No, that's not my pan. I'm too embarrassed to show you my own pans in their "before" state.

Before you read any further, please let me remind you of one thing:

Seasoning is not the same as cooking!

Please, no comments about carcinogens, etc. I know that when you cook, you don't heat oils above their smoke point, because you don't want the result in your diet. However, seasoning is a different matter entirely: you want that hard polymer on your cast iron, so that it stays hard. Don't worry, it won't come off on your food, and even better, you can actually scrub your pots and pans afterwards, even with soap and water!

This scrubber really does the job and you'll be thrilled with the results, if your pans are seasoned properly. It will tear up your hands if you don't wear heavy-duty gloves, though, so be warned. However, it will last forever!

(Note: if you have any of the old-style pull tabs (say, from a long-ago room divider), you can use them to make a facsimile of this. It won't be nearly as good, or last as long, but you will get a feel for how you will like the real thing, and cut down on your learning curve.)

The process of lipid polymerization occurs when a lipid is heated past its smoke point, so that all the stuff that keeps it runny burns off, and you are left with a solid polymer. So it makes sense that you want a polymer on the inside of your cast iron, and it will stick on and not come off, and better yet, stuff won't stick to the polymer, because it's already bonded to the iron.

To keep it simple, I used what I had at home: safflower oil, which had the lowest smoke point of any oil I had on hand.
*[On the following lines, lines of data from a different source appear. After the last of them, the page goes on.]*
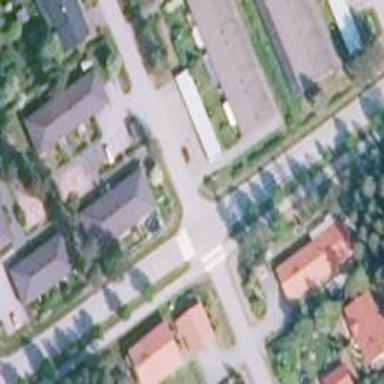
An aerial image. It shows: Cycleway.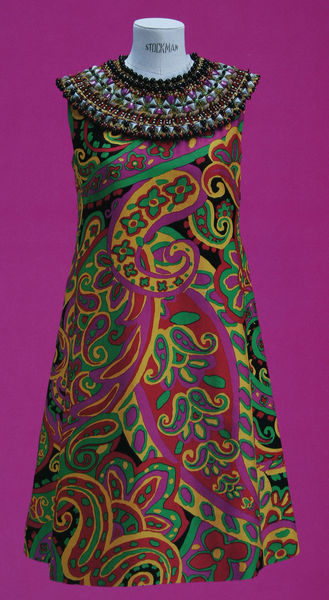
Titel: Kleid
Künstler: Yves Saint Laurent
Standort: Kyoto (Japan)
Institution: Kyoto Costume Institute
Schlagwörter: blätter, gelb, grün, ocker, blume, blumen, bunt, kleid, schwarz, rot, mode, muster, ornament, falten, kragen, gold, blatt, perlen, rosa, rund, farbig, sommer, formen, lila, violett, floral, ornamente, halsschmuck, abendkleid, foto, gemustert, pink, blumenmuster, puppe, sommerkleid, ornamental, chinesisch, china, kopflos, paisley, rundausschnitt, ärmellos, schaufensterpuppe, rundkragen, etuikleid, fallend, cocktailkleid, glasperlen, perlenkragen, stickkragen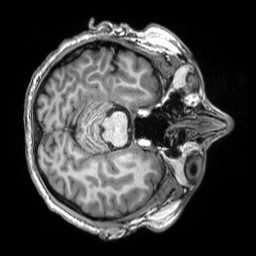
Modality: T1w
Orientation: axial
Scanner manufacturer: siemens
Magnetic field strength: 3 T
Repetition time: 2.5 s
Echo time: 0.00343 s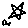
Label: star

There's nothing magical about safflower oil, and what's really recommended is unrefined flaxseed oil (the type you have to keep refrigerated). I am sure the process will work for almost any oil, if a) it is a pure oil; b) you know what you are doing; and c) keep to the procedure.

And here's what you do:
  1. Clean everything thoroughly. If you have a lot of gunk on your pans, scrape it off, sand it off, burn it off, or strip it off. In my experience, you don't have to get down to bare metal, but it doesn't hurt if that is what you have.
  2. Choose an oil with a smoke point below the highest setting on your oven.  Safflower oil's smoke point is approximately 500 degrees, so I heated my oven to 525 to be safe.
  3. Oil your pans thoroughly. I mean, really thoroughly.
  4. Wipe off all the oil until your pans look completely dry. When I finished wiping them down, I had only the slightest sheen on the backs of my fingers if I ran my hand across the surface and the pan did not feel in the least oily.
  5. Now wipe off all the oil again. Seriously. You want a molecularly thin layer. Anything else will spell disaster.
  6. Put your pans upside down in a cold oven. Put a baking sheet underneath to catch any oil drips. If you have any oil drips your pans weren't wiped sufficiently dry enough.
  7. Heat the oven with the pans inside to above the smoke point of your chosen oil. Open your windows to let the smoke and smell out.
  8. Leave the pans in the oven, above the smoke point, for at least one hour (I did one hour and ten minutes).
  9. Turn off the oven, and let it and the pans cool for a minimum of two hours.
  10. Repeat a minimum of five more times.
Okay, this sounds like a lot of work. And it is. It sounds exacting. And it is. If you put on too thick a layer of oil, the pans will be sticky for a long, long time (I made this mistake once). If you don't have the pan clean enough to start with, gunk will get in your food and you'll have to start over. And it's expensive to run the oven that much. Have you priced good-quality cast-iron pans recently?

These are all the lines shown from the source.